Work order: Write out the line with "2212x1661 · captured" and every later line through the end of the data below, exactly as given, with no pictures in the copy.
>>
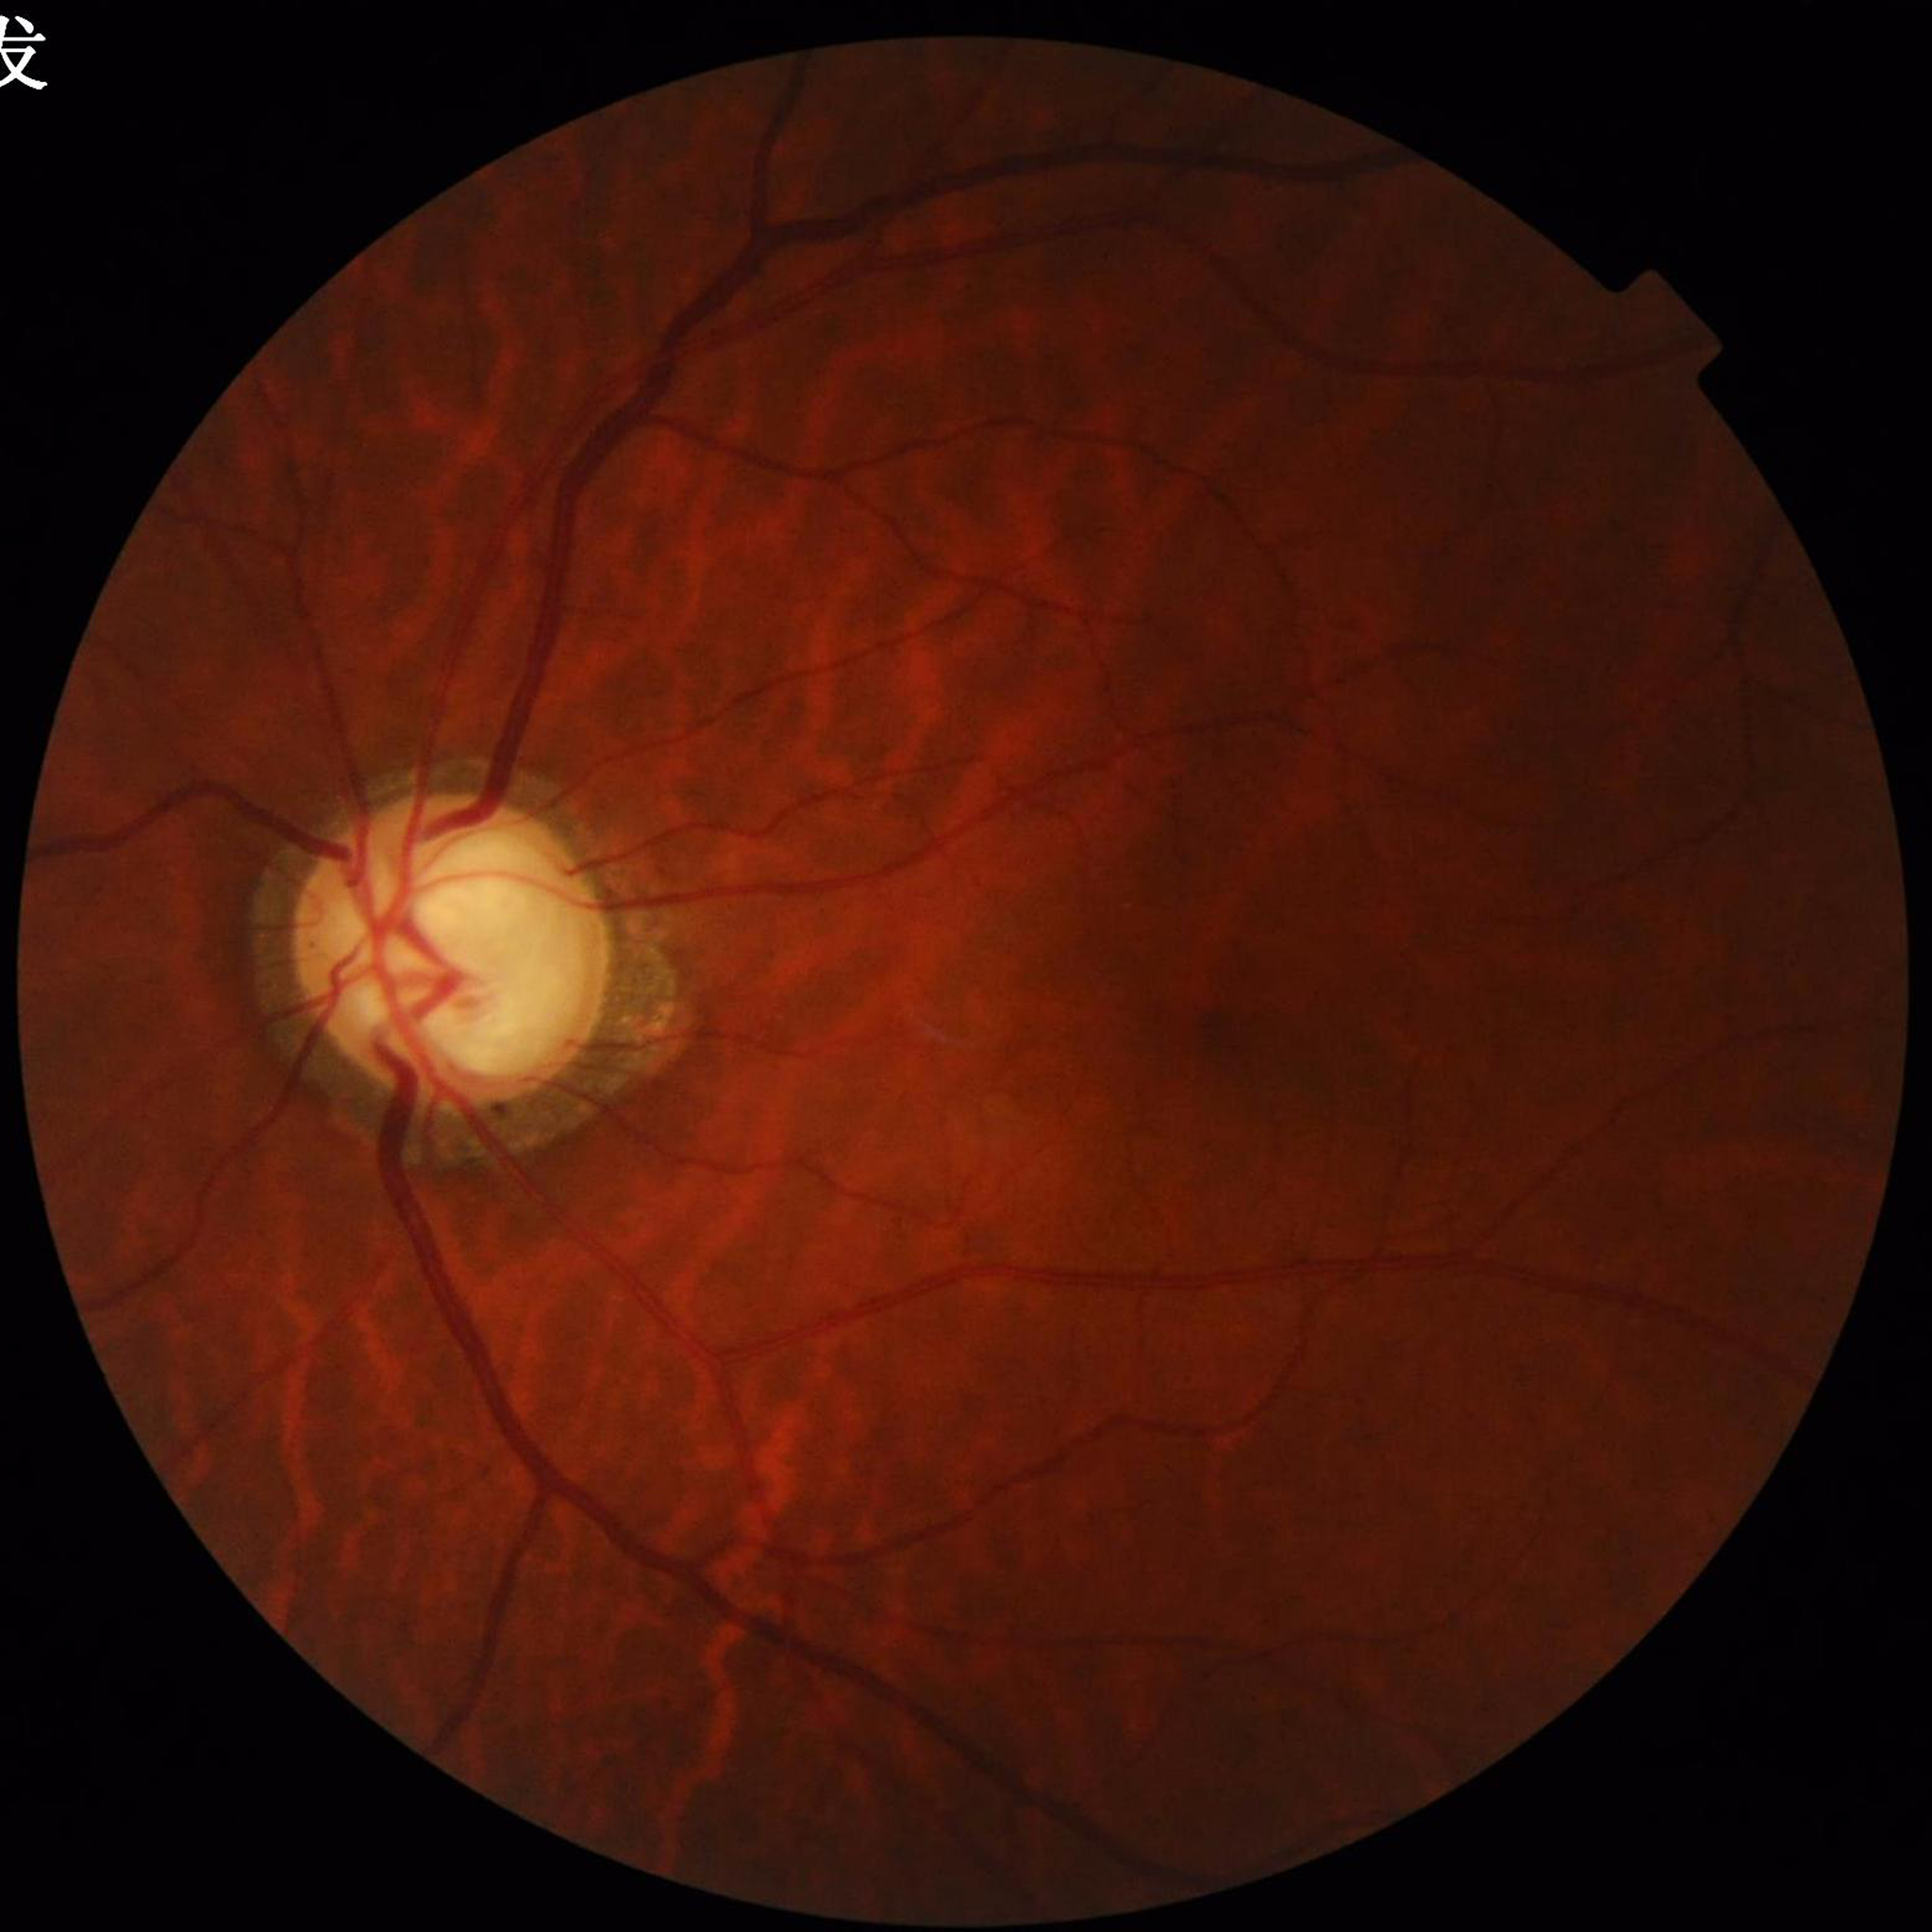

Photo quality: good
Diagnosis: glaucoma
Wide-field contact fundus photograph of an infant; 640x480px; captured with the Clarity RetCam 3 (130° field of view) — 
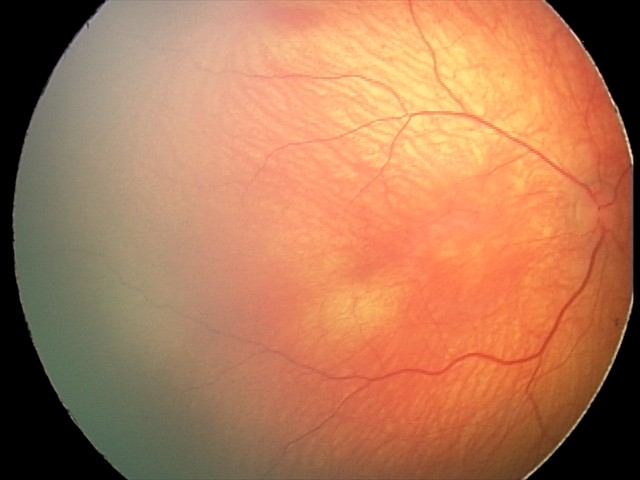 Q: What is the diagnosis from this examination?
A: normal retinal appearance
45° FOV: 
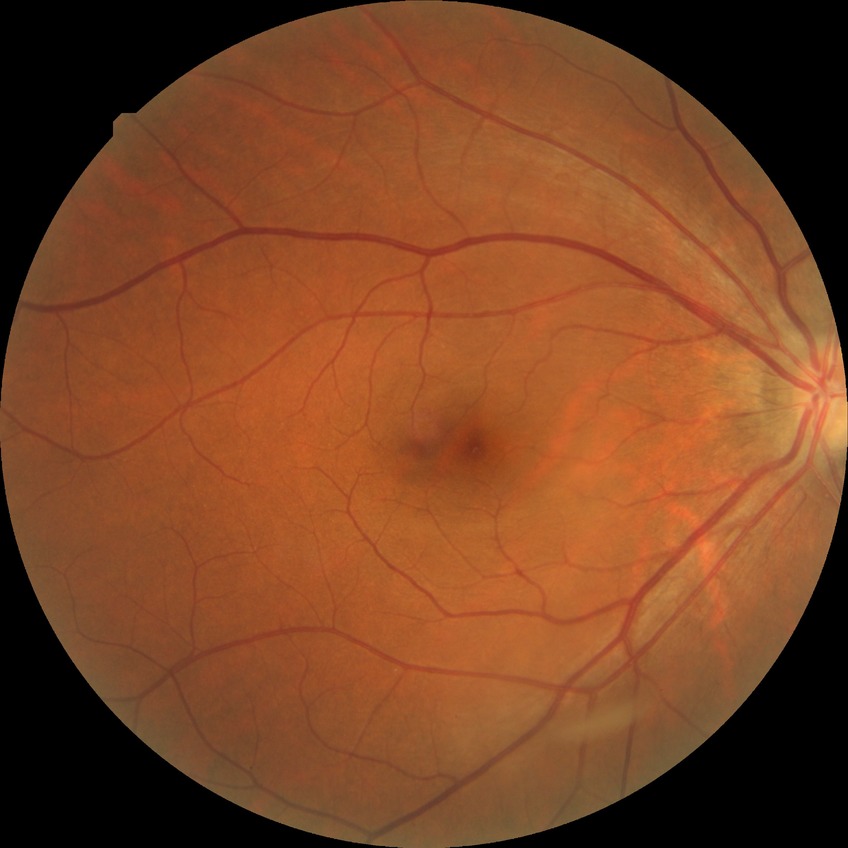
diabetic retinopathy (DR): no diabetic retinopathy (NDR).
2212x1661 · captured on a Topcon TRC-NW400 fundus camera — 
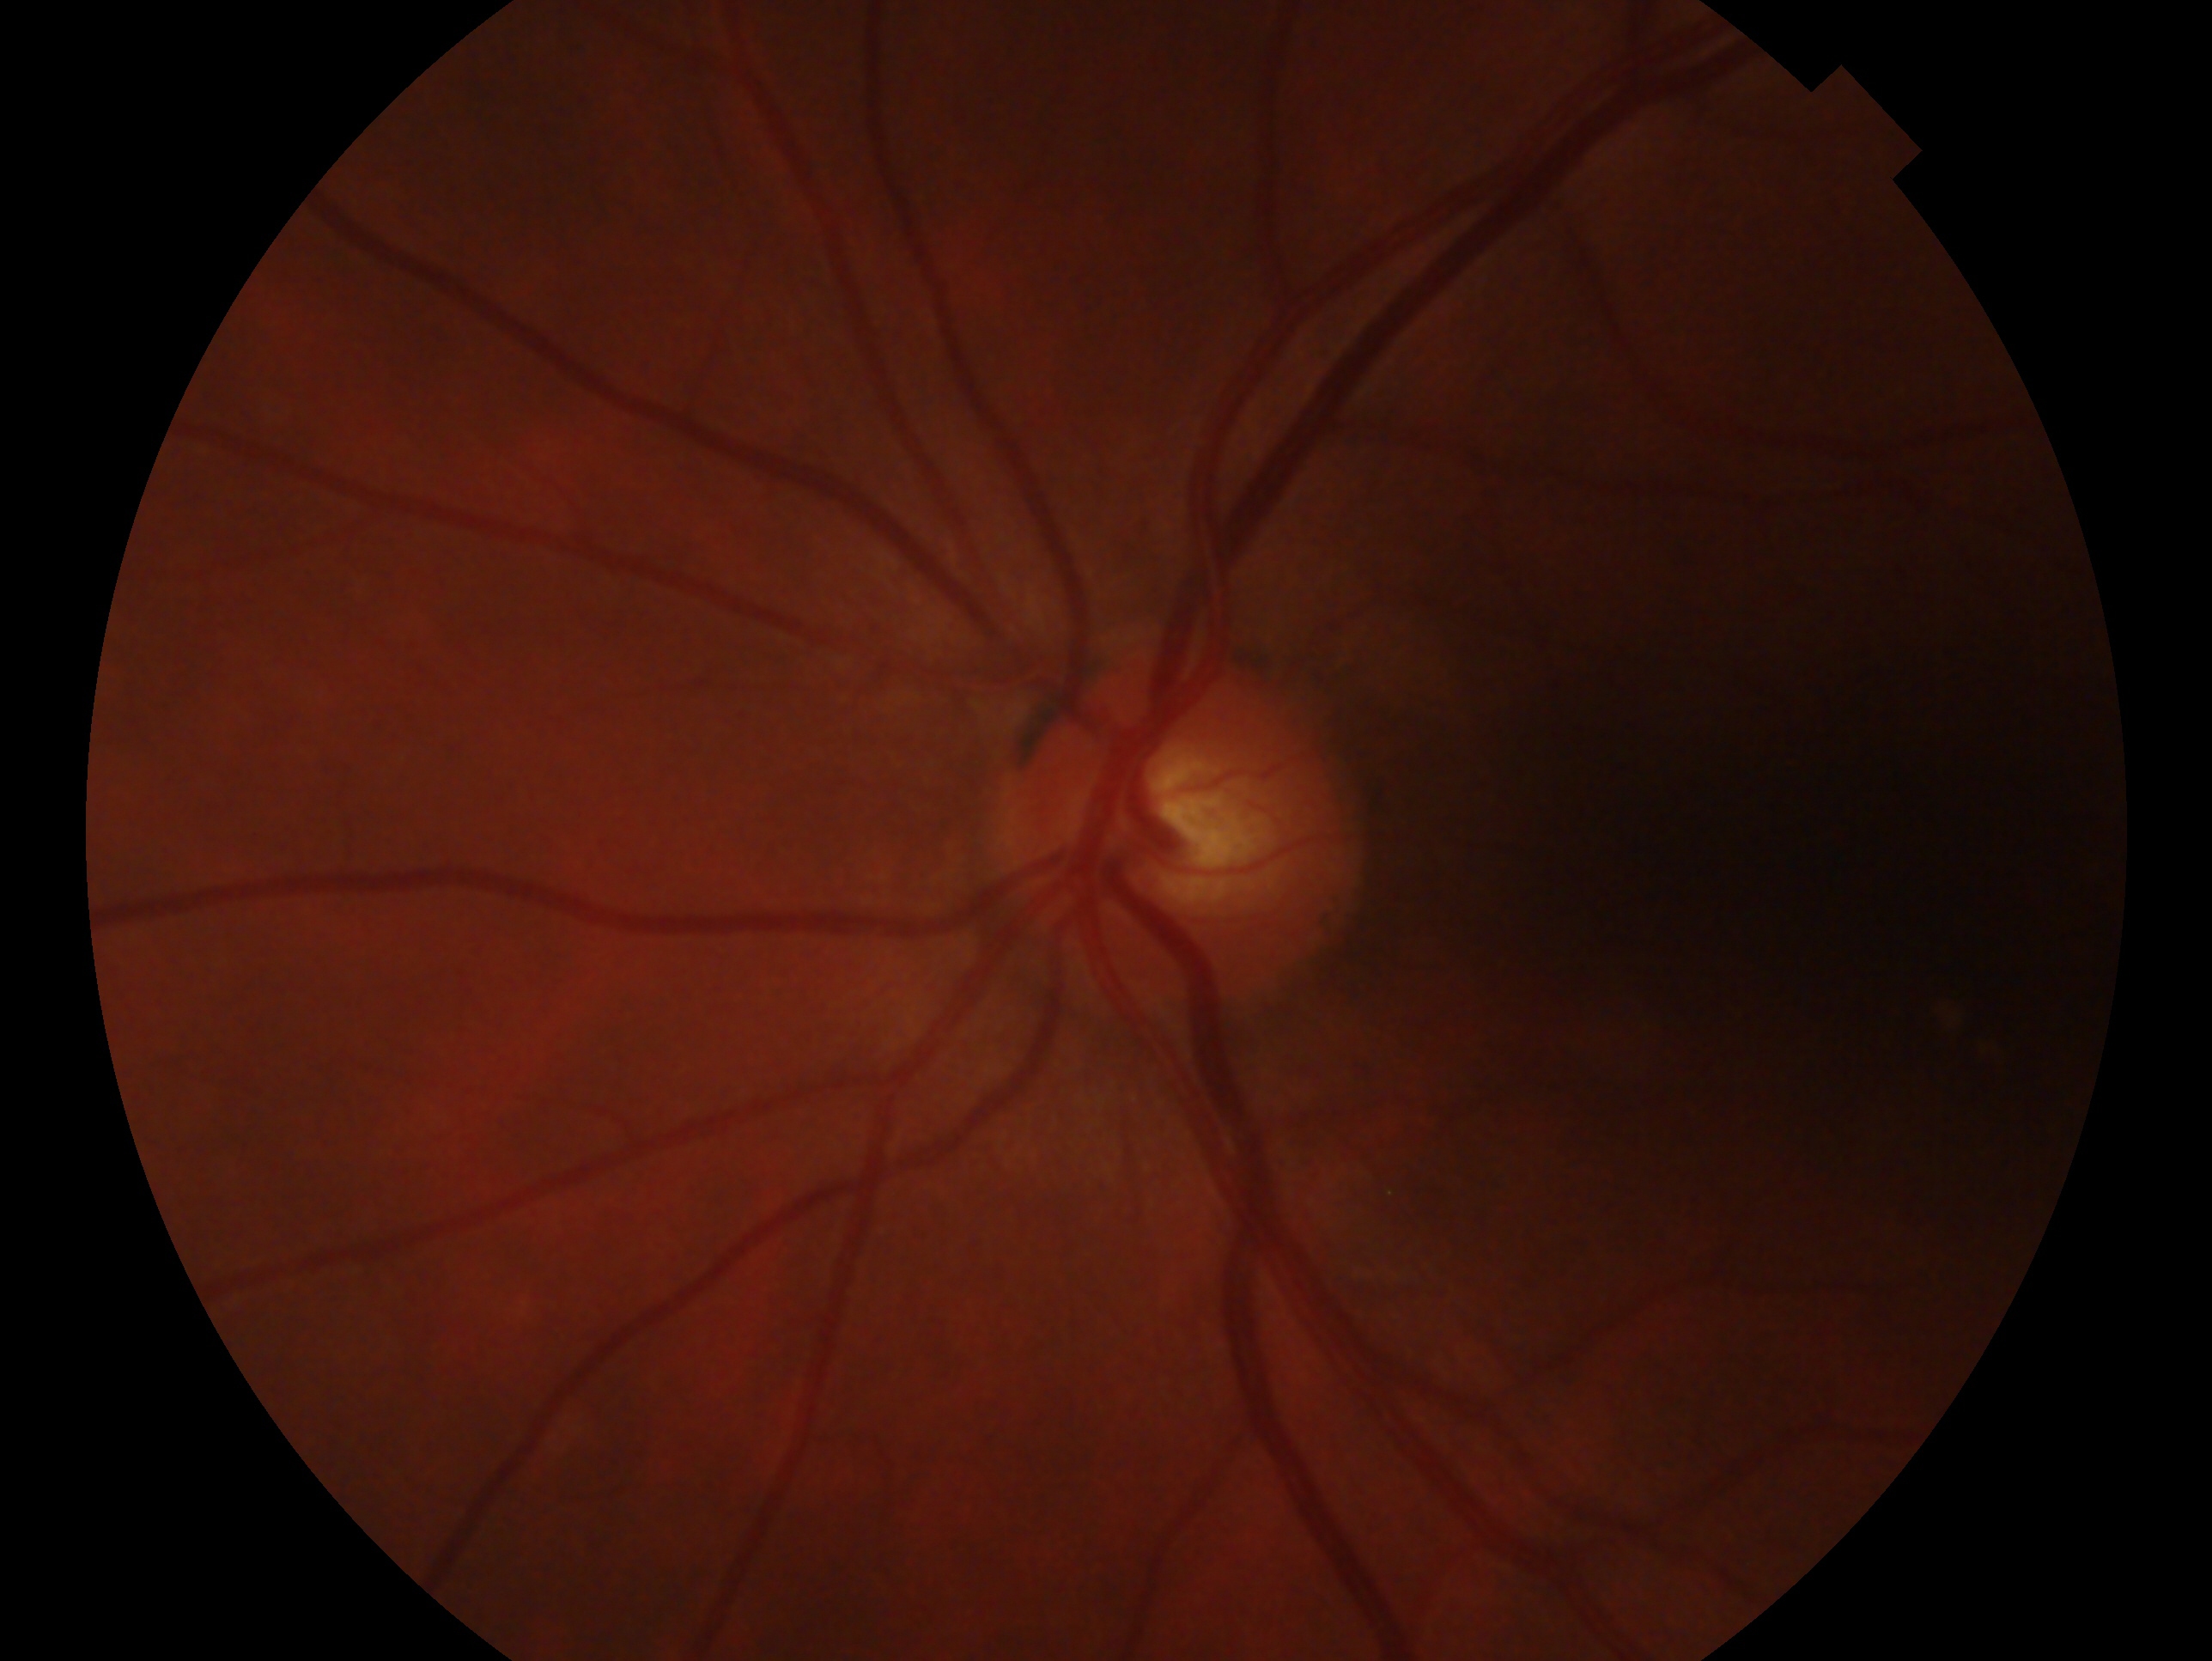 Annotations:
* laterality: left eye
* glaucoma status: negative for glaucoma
<<
Written answer:
2212x1661 · captured on a Topcon TRC-NW400 fundus camera — 
 Annotations:
* laterality: left eye
* glaucoma status: negative for glaucoma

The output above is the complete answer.